As counter-examples, many parasites have lost complexity in their evolutionary history. Rhizocephalans parasitize crusteceans and evolved from barnacle-like ancestors. In the process they have lost almost all internal and esternal structure, and the adult of some species consists of little more than a brood-sac and some roots. For more on this creature, and the questions of the OP, see Stephen Jay Gould’s Leonardo’s Mountain of Clams and the Diet of Worms

There is nothing in the theory of evolution that dictates evolution must be from (structurally) simple to complex. For example, human have lost the ability to consciously move the outer ear, but occasionally a mutation allows certain individuals to partially regain that ability. A horse, for example, have far better control.

The correct answer to this question, by the way, is “all of them.” Extinction for a species, just like death for individuals, is inevitable.

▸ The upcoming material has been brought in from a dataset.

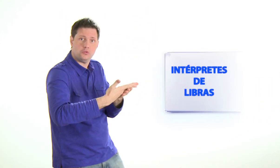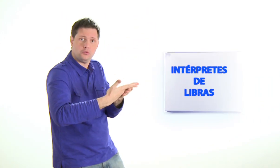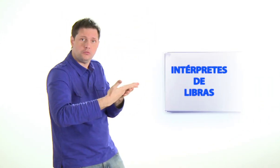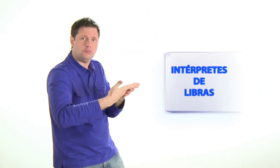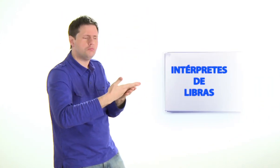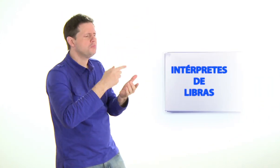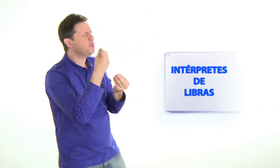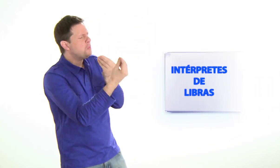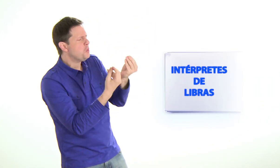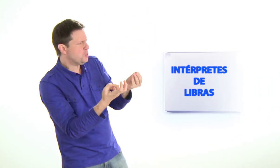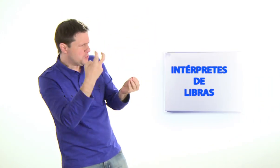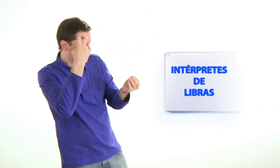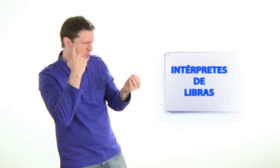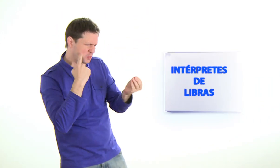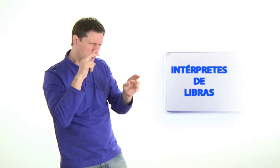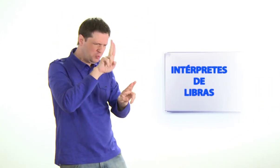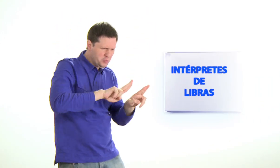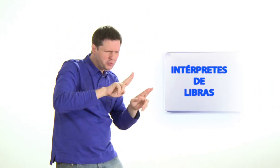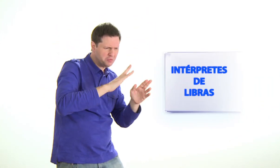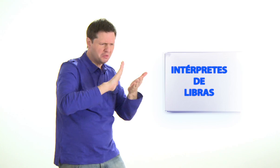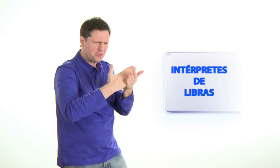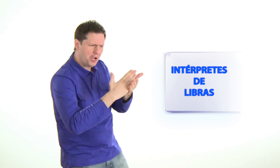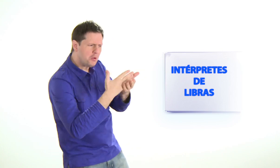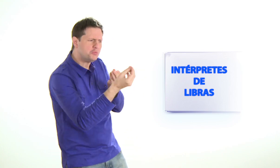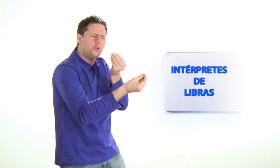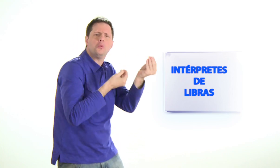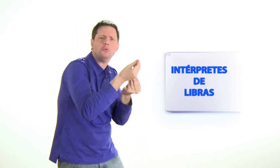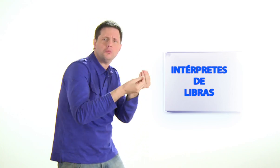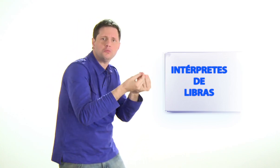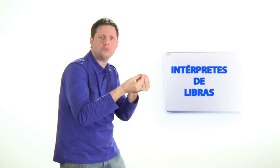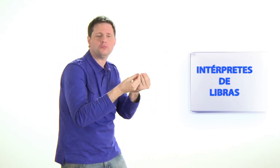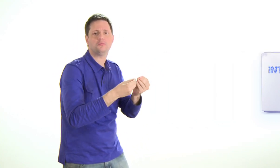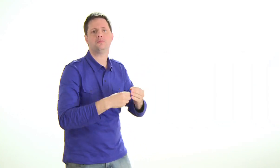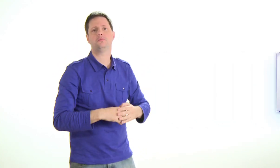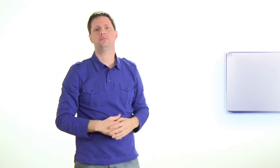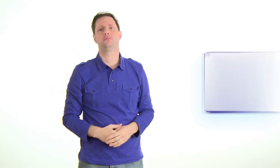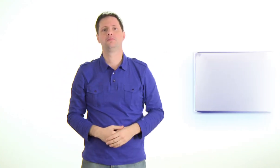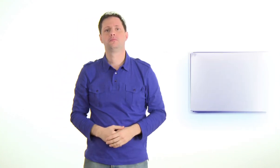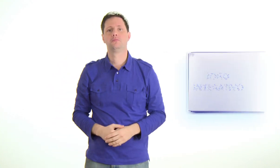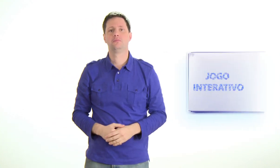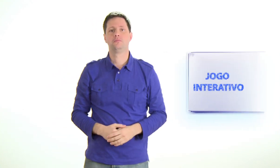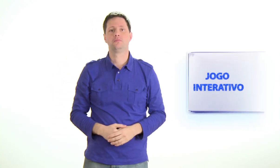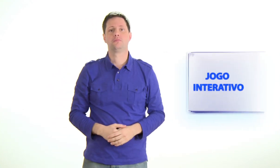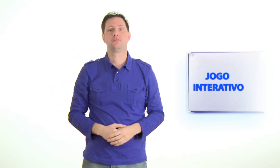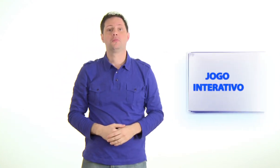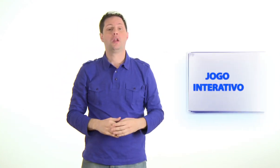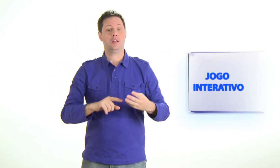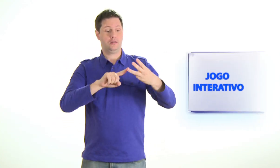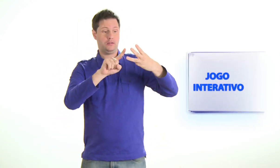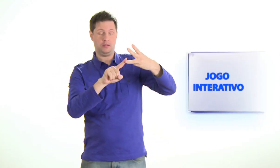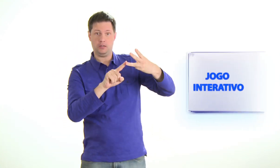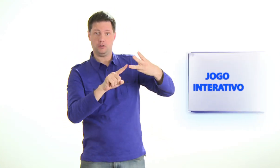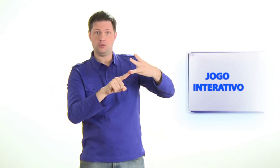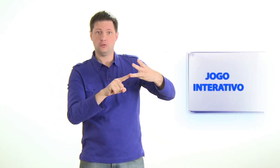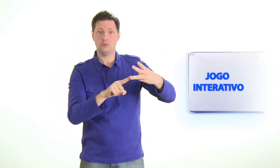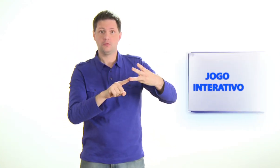sinais, como é que funciona a questão da cultura, como é que funciona o trabalho do intérprete. E, por último,

The average “life expectancy” of a species is around 10 million years (IIRC).

Didn’t snakes used to have legs?

And no, this isn’t an attempt to inject religion into this thread.

Yep. So did whales, many of which still have vestigial leg bones beneath their skin.

Well, unless you’re seeking to start a contentious theological debate, design doesn’t come into it at all. No designer.

I would recommend another Stephen Jay Gould book, Full House: The Spread of Excellence from Plato to Darwin, which directly addresses the misconception that evolution has a direction (and he uses the same arguments to explain why no one bats .400 in the major leagues anymore).

Actually, I would probably recomment any book by Gould. So just go to Amazon and buy them all.

– CH

Sickle cell did not “evolve as a protection to malaria”

Like all mutations, it showed up completely by accident. It is preserved in the population because of two factors. One, it is a recessive trait, which means that someone can ‘carry’ it, without being affected. Carriers of sickle-cell are ‘half-sick’, because half of the time, the gene for sickle hemoglobin is transcribed resulting in production of the defective protein and the other half of the time, the normal hemoglobin is produced. This is what causes the resistance to malaria. Two, it increases the chance of reproducing in areas where malaria is prevalent because those people who do not carry the gene are likely to die from malaria before reproducing.

Remember, evolution is driven by reproductive success. That’s why ‘diseases of old age’, even when caused directly by genes, persist in the population… because they don’t prevent people from reproducing. Those diseases ‘evolved’ as well, and they would be considered ‘detrimental’ from the standpoint of quality of life, but from the evolutionary standpoint, they are meaningless because they do not affect reproductive ability.